Zufolge offensichtlicher Aussichtslosigkeit der Beschwerde entfällt ein Anspruch auf unentgeltliche Rechtspflege (unentgeltliche Prozessführung und unentgeltliche Rechtsverbeiständung), und zwar unbesehen der wohl ausgewiesenen Mittellosigkeit (§ 16 GSVGer in Verbindung mit Art. 61 lit. f ATSG; vgl. Urk. 9, 10/2-8 und 12/69).


Das Gericht beschliesst:
Das Gesuch des Beschwerdeführers um Gewährung der unentgeltlichen Rechtspflege (unentgeltliche Prozessführung und unentgeltliche Rechtsverbeiständung) wird abgewiesen.


Das Gericht erkennt sodann:
1.         Die Beschwerde wird abgewiesen.
2.         Die Gerichtskosten werden auf Fr. 600.-- festgesetzt und dem Beschwerdeführer auferlegt.
Rechnung und Einzahlungsschein werden dem Kostenpflichtigen nach Eintritt der Rechtskraft zugestellt.
3.         Zustellung gegen Empfangsschein an:
- Rechtsanwalt Dr. Roland Ilg
- Sozialversicherungsanstalt des Kantons Zürich, IV-Stelle
- Bundesamt für Sozialversicherungen (BSV)
sowie an:
- Gerichtskasse (im Dispositiv nach Eintritt der Rechtskraft)
4.         Gegen diesen Entscheid kann innert 30 Tagen seit der Zustellung beim Bundesgericht Beschwerde eingereicht werden (Art. 82 ff. in Verbindung mit Art. 90 ff. des Bundesgesetzes über das Bundesgericht [BGG]).

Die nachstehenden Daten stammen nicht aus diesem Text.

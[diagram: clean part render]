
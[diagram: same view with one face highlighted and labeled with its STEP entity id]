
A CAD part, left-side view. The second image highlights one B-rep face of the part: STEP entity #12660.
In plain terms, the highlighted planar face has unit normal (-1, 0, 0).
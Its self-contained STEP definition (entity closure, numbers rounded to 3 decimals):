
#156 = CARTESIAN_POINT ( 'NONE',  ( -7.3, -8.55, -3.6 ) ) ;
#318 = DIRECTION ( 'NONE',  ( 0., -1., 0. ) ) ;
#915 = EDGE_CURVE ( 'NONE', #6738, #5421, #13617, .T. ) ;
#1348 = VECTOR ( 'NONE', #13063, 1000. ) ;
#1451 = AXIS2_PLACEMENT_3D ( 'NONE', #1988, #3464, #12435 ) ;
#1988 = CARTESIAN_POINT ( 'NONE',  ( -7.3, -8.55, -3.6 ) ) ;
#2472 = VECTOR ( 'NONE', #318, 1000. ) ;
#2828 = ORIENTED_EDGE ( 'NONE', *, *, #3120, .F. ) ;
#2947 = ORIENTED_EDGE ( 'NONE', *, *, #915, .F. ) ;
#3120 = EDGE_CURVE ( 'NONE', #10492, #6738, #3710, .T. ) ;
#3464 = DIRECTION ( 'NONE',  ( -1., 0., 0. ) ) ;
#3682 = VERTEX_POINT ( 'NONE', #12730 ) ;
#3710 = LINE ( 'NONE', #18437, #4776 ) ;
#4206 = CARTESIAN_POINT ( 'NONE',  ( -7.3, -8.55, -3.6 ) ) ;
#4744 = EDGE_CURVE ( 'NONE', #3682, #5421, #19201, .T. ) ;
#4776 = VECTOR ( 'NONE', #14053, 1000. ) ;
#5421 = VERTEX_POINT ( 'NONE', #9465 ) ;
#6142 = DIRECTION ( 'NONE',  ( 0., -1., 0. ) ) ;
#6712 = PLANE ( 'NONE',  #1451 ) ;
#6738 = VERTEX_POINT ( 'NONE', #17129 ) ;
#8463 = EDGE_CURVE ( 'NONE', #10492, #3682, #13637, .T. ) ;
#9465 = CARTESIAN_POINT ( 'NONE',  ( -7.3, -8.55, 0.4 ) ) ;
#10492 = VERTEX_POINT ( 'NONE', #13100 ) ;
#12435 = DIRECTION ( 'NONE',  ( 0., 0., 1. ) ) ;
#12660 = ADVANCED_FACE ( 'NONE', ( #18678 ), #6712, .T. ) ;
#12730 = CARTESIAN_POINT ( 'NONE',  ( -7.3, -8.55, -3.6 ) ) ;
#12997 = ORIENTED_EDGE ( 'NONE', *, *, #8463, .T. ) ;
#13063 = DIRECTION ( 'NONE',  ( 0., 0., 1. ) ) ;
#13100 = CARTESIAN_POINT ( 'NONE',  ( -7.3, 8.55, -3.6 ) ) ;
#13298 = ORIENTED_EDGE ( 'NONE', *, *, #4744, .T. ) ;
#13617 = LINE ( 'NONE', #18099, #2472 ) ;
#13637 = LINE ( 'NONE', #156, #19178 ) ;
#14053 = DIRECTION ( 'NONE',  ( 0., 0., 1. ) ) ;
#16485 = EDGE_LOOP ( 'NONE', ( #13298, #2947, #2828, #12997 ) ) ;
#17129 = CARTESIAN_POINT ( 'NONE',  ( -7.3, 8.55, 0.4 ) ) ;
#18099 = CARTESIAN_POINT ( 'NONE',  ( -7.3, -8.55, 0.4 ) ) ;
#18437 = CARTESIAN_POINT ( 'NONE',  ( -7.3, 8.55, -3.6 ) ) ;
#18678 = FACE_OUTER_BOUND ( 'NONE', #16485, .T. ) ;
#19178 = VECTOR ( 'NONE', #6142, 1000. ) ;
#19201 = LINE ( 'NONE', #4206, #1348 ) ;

Die Frist steht während folgender Zeiten still: vom siebten Tag vor Ostern bis und mit dem siebten Tag nach Ostern, vom 15. Juli bis und mit dem 15. August sowie vom 18. Dezember bis und mit dem 2. Januar (Art. 46 BGG).
Die Beschwerdeschrift ist dem Bundesgericht, Schweizerhofquai 6, 6004 Luzern, zuzustellen.
Die Beschwerdeschrift hat die Begehren, deren Begründung mit Angabe der Beweismittel und die Unterschrift des Beschwerdeführers oder seines Vertreters zu enthalten; der angefochtene Entscheid sowie die als Beweismittel angerufenen Urkunden sind beizulegen, soweit die Partei sie in Händen hat (Art. 42 BGG).